It’s a nice little campground at Mermaid Cove, but we didn’t stay for long and headed straight for Powell River instead. After a quick restock at Canadian Tire for some items we forgot, we drove north to Lund (~30 min drive). Lund is a tiny little community that is easily accessible in any type of vehicle, though once you go north from Lund, you should really have high clearance 4WD. We unloaded our kayaks in Lund and then I called Powell River Taxi for a transfer from Okeover Arm back to Lund. I was expecting to have to wait a while for a car to come up to Lund, but there happened to be a driver nearby, so I rushed the car over to Okeover Arm to park it for our return.

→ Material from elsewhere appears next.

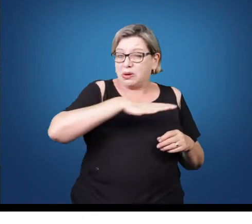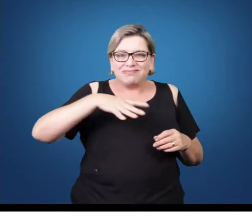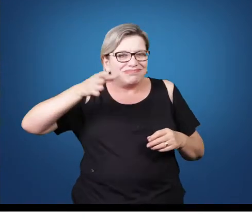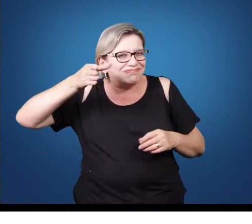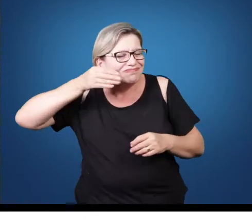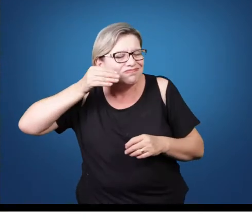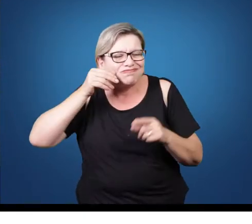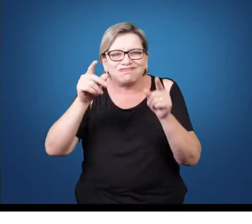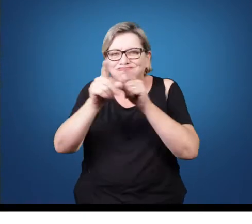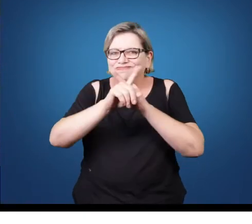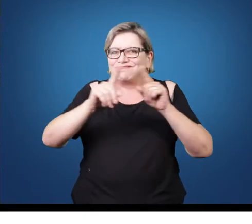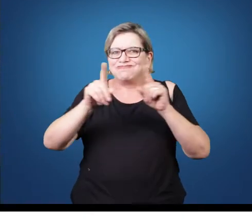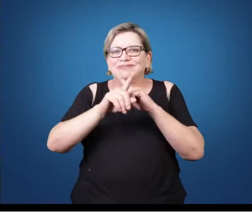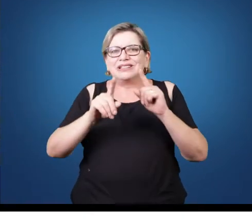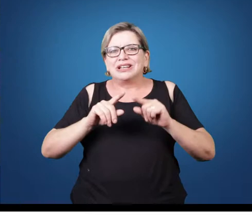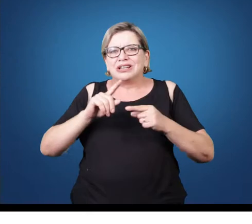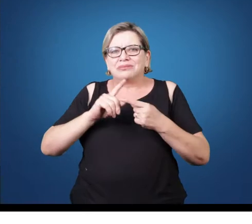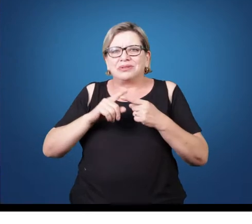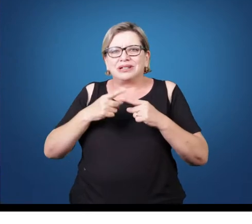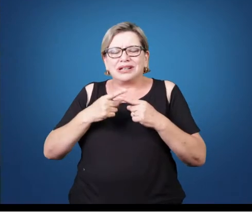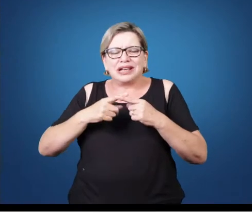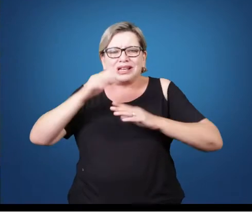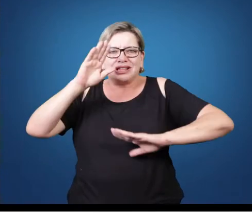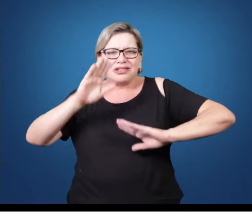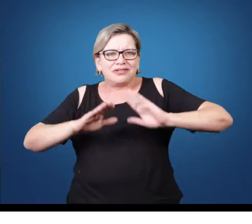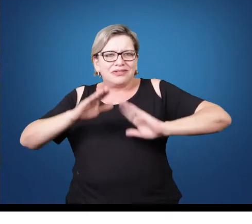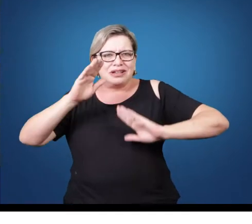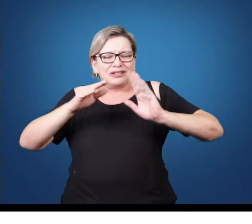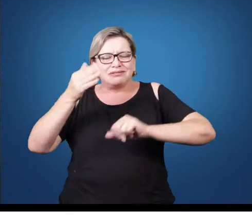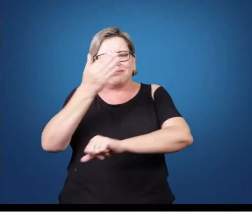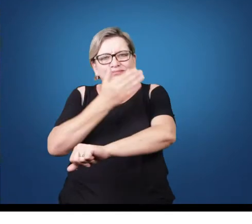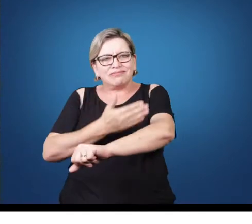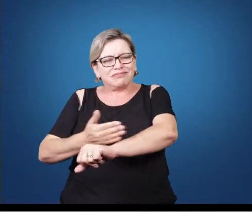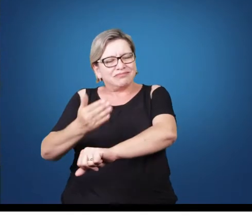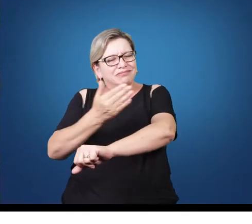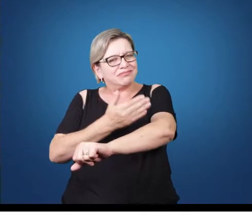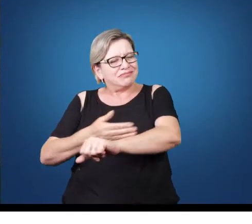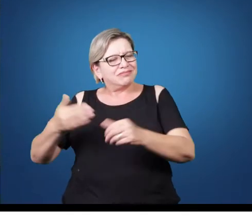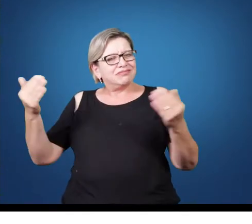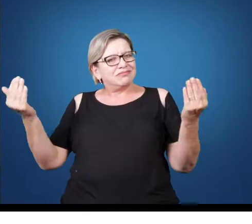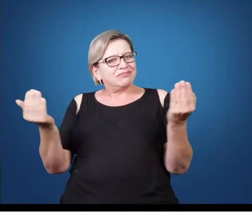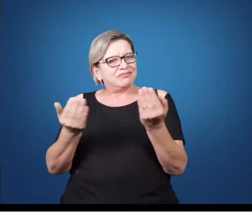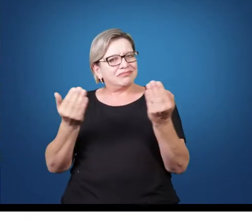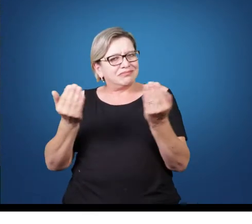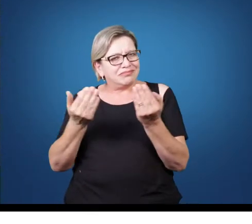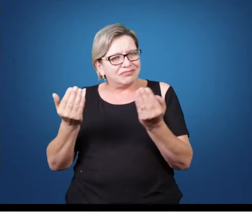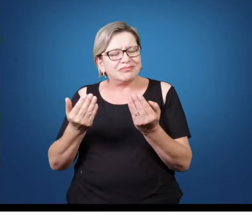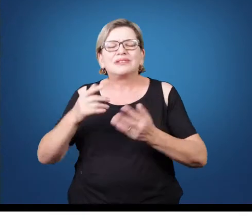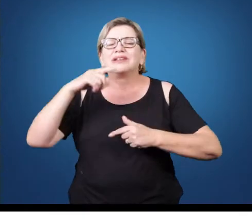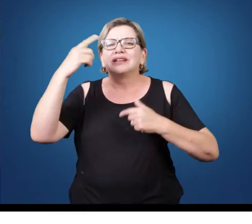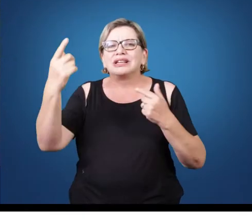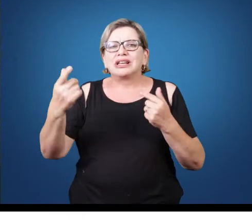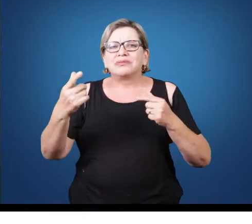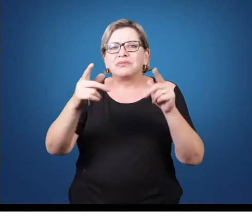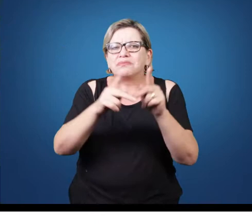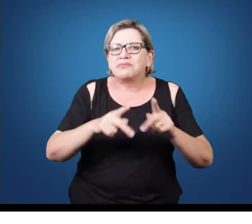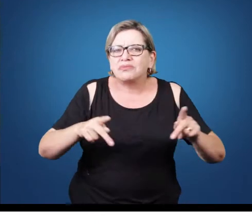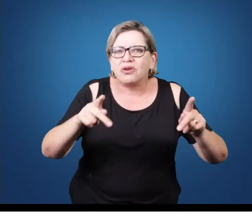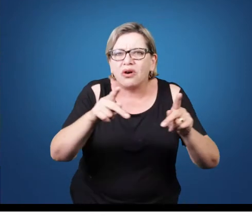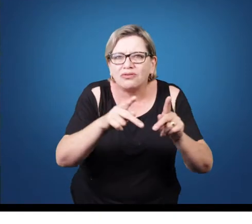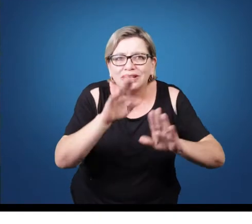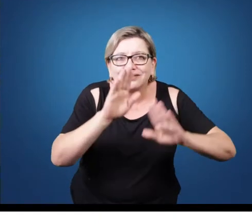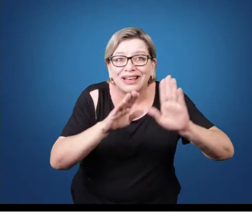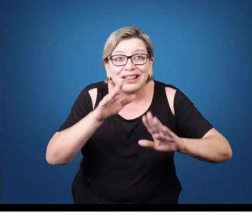assim, que a performance, as instalações e outras práticas da arte contemporânea chegam à grande massa, pelo menos de forma
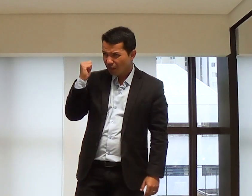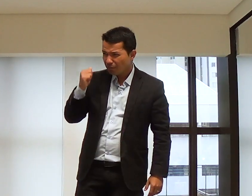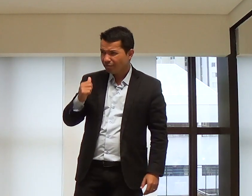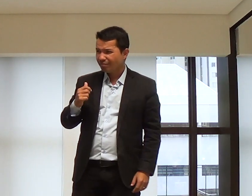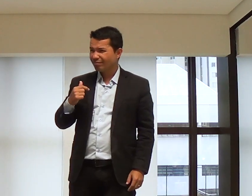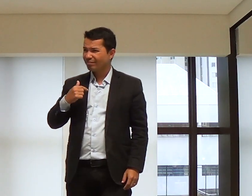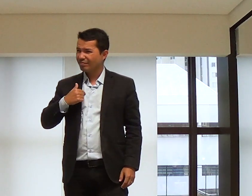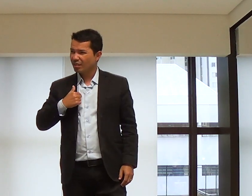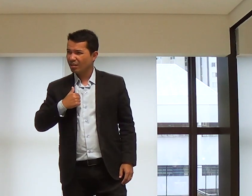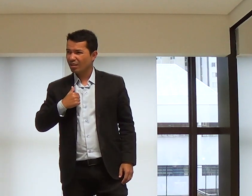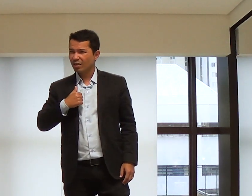Você sabe?

Okeover Arm is on the other side of the Malaspina Peninsula and less than a 10 minute drive from Lund. It’s also a paved road and easily accessible. There’s a public wharf with parking registration if you’re using the wharf (either with a power boat or self-propelled). If you drive a little further past the public wharf, you’ll arrive at Powell River Kayaks and you can rent kayaks from there.
I didn’t have any trouble finding the parking lot at Okeover, but figuring out how to pay for parking was super confusing. Start by driving down to the dock and at the end of the wharf there is a little shed with parking registration, you take a ticket, leave your money in the envelope, and put it in the drop box. It’s not really that complicated, but I had to tear my car apart looking for a pen to fill out the parking slip, so make sure you bring a pen with you! Parking is only $5 a day, so it’s a very good deal! As for camping permits, they’re also $5 a night, per person, which you can get online, but they don’t start charging until June 1 (in 2023 at least).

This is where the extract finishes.